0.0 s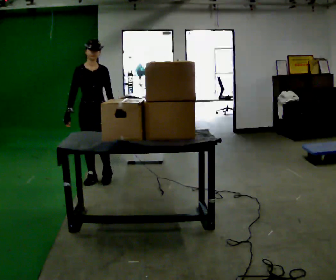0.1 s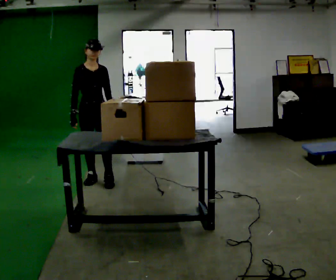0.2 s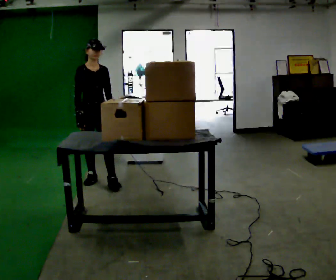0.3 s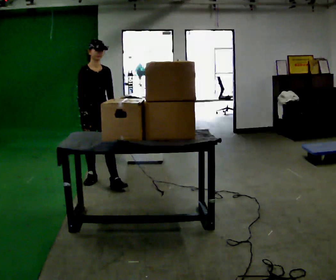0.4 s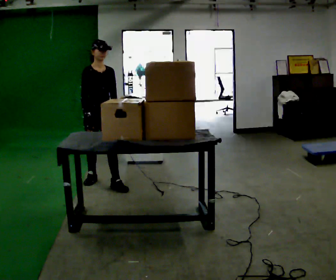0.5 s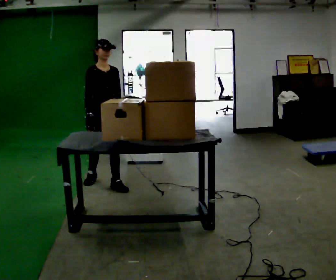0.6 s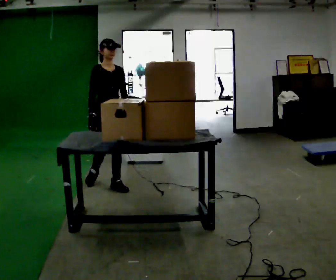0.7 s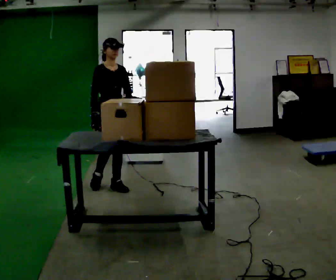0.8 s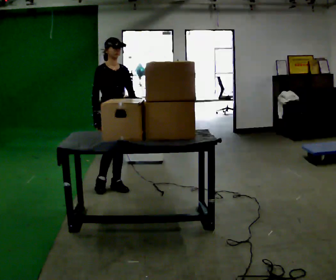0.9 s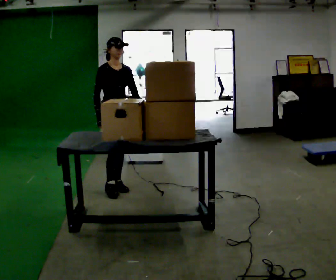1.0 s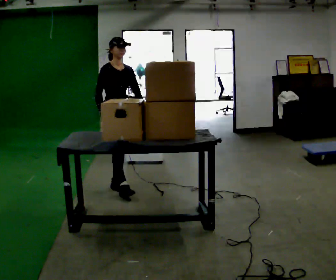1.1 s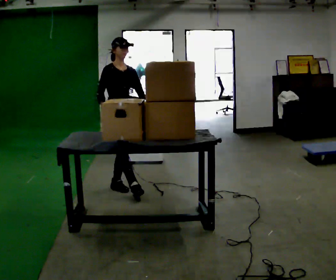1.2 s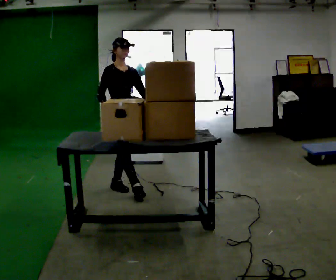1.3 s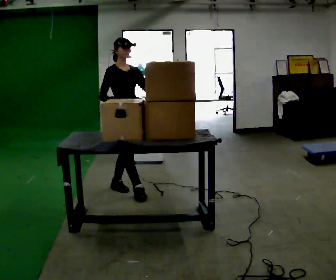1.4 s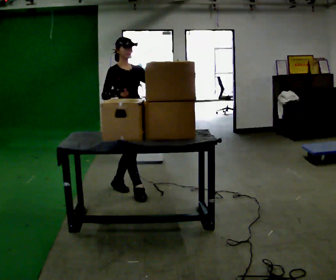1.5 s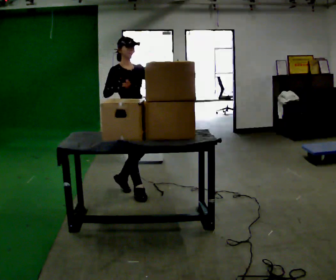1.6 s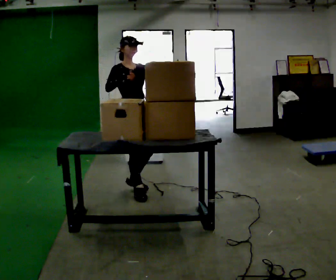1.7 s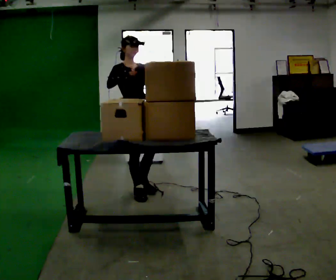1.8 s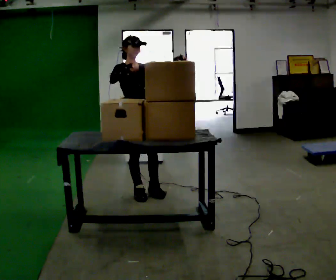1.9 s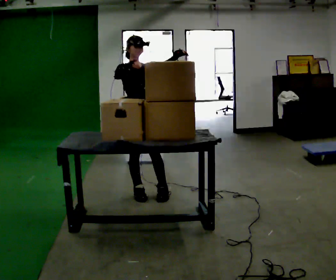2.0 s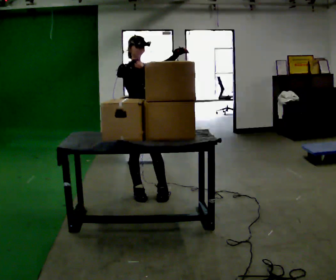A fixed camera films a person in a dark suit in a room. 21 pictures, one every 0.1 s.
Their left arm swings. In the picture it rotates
counterclockwise.
Their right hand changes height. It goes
upward.
0.0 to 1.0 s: In the picture they go toward the camera and to the right, about 0.25 m in 1 step, which for them is forward and to their left.
1.0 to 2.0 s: In the picture they go toward the camera and to the right, about 0.25 m in 2 steps, which for them is forward. In the picture their left hand goes upward, the arm swinging counterclockwise.
The film runs forward here.
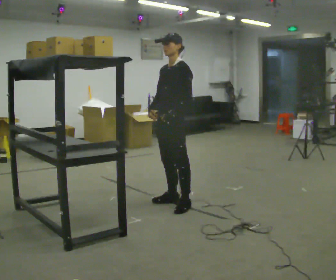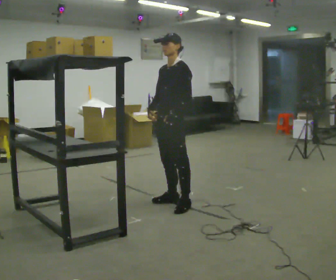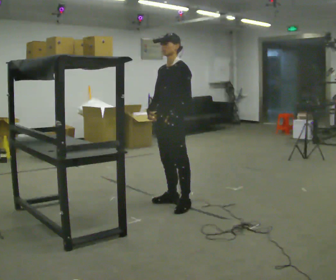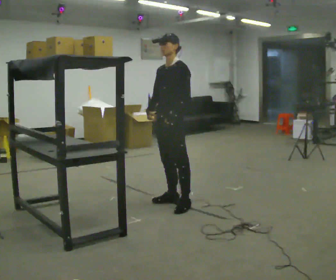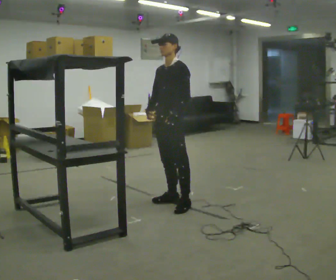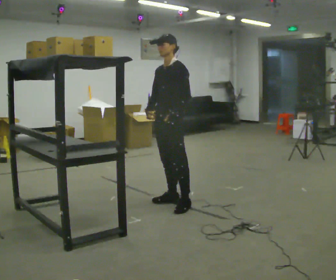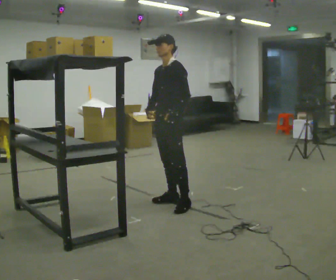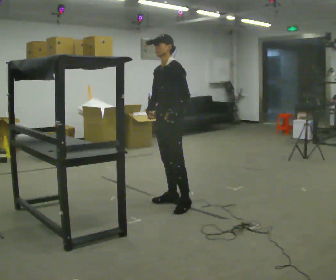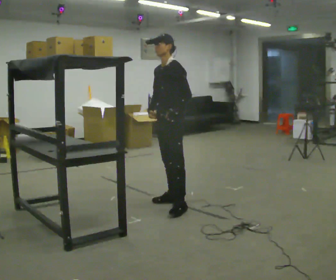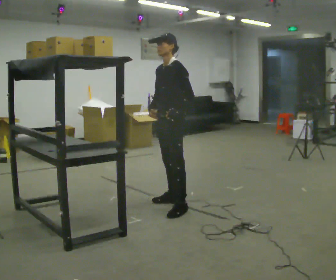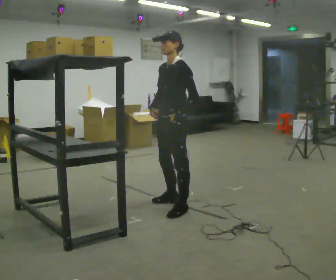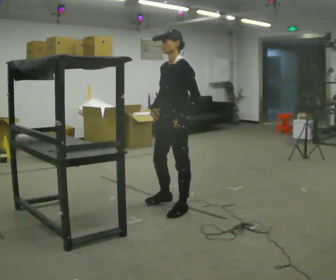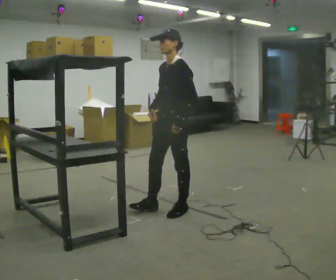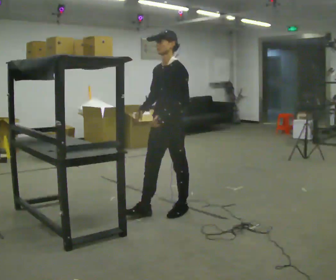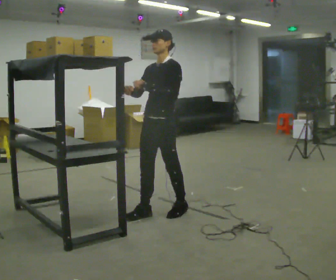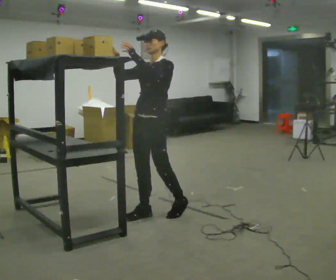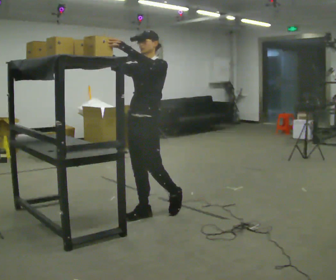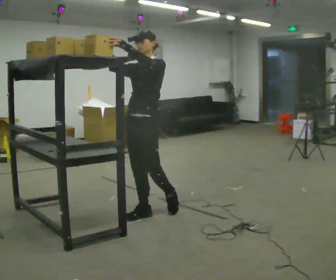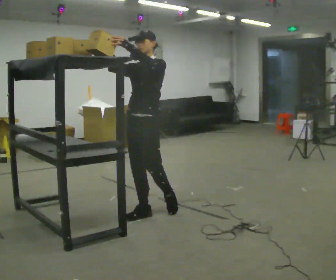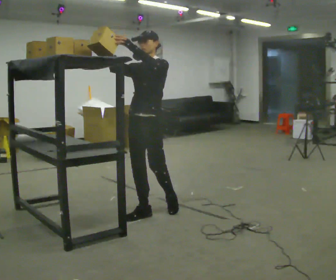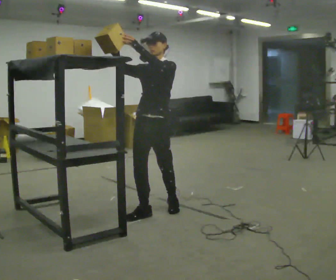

——————

EXERCISE AIM
Please print exactly the lines from the one holding "Their left arm" through the final line of the data above, including both, and skip all pictures.

ANSWER AREA
Their left arm swings. In the picture it rotates
counterclockwise.
Their right hand changes height. It goes
upward.
0.0 to 1.0 s: In the picture they go toward the camera and to the right, about 0.25 m in 1 step, which for them is forward and to their left.
1.0 to 2.0 s: In the picture they go toward the camera and to the right, about 0.25 m in 2 steps, which for them is forward. In the picture their left hand goes upward, the arm swinging counterclockwise.
The film runs forward here.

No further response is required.